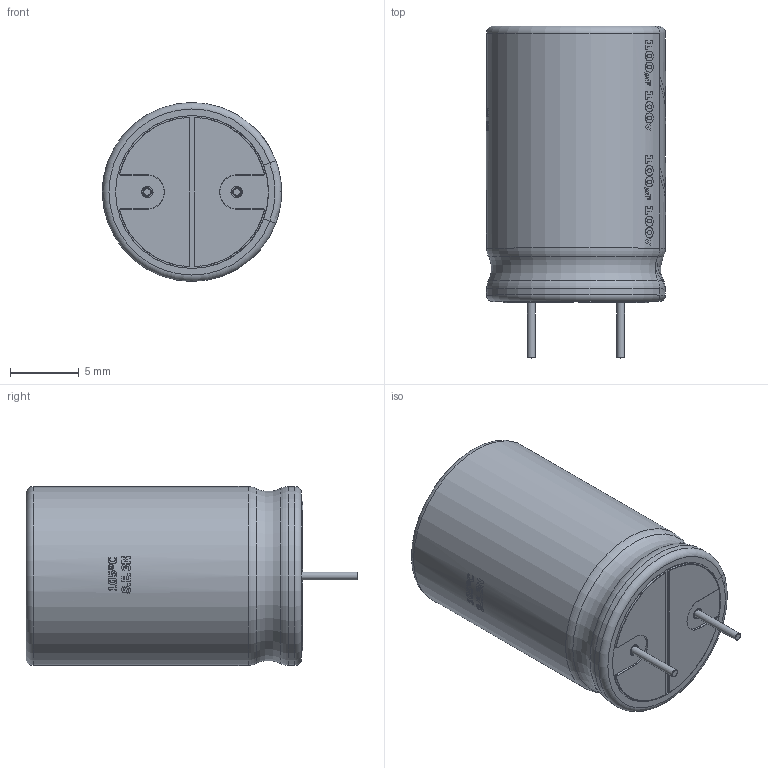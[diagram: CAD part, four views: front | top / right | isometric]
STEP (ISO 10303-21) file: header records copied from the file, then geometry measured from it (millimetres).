
FILE_DESCRIPTION(/* description */ (''),/* implementation_level */ '2;1');
FILE_NAME(/* name */ '100uF 100V electr 13 x20mm -P.diameter 6.5mm-Black-White.stp',/* time_stamp */ '2023-02-17T03:04:08+01:00',/* author */ ('JOSE LUIS'),/* organization */ (''),/* preprocessor_version */ 'ST-DEVELOPER v18',/* originating_system */ 'Autodesk Inventor 2020',/* authorisation */ '');
FILE_SCHEMA (('AUTOMOTIVE_DESIGN { 1 0 10303 214 3 1 1 }'));
Length unit declared in the file: millimetre
Products named in the file (1): 100uF 100V electr 13 x20mm -P.diameter 6.5mm-Black-Yellow
Bounding box: 13 x 24.1 x 13 mm (x, y, z)
Volume: 2629.4 mm3; surface area: 1098.4 mm2
Topology: 1 solids, 1 shells, 176 faces, 701 edges, 575 vertices
Faces by surface type: cylinder 97, torus 43, plane 32, cone 4
Full cylindrical faces by diameter (mm): 0.55 x2, 0.62 x2, 0.8 x2, 11 x1, 11.1 x1
Entity records: 9686 total; most frequent: CARTESIAN_POINT 3571, ORIENTED_EDGE 1402, DIRECTION 1051, EDGE_CURVE 701, VERTEX_POINT 575, AXIS2_PLACEMENT_3D 430, B_SPLINE_CURVE_WITH_KNOTS 257, CIRCLE 233

## AIM OF THE TASK
Word for word, write out the lines from the top of the records above down to the line holding "FILE_DESCRIPTION(/* description */", inclusive, but not the pictures.

## RESPONSE TO THIS TASK
[diagram: CAD part, four views: front | top / right | isometric]
STEP (ISO 10303-21) file: header records copied from the file, then geometry measured from it (millimetres).
FILE_DESCRIPTION(/* description */ (''),/* implementation_level */ '2;1');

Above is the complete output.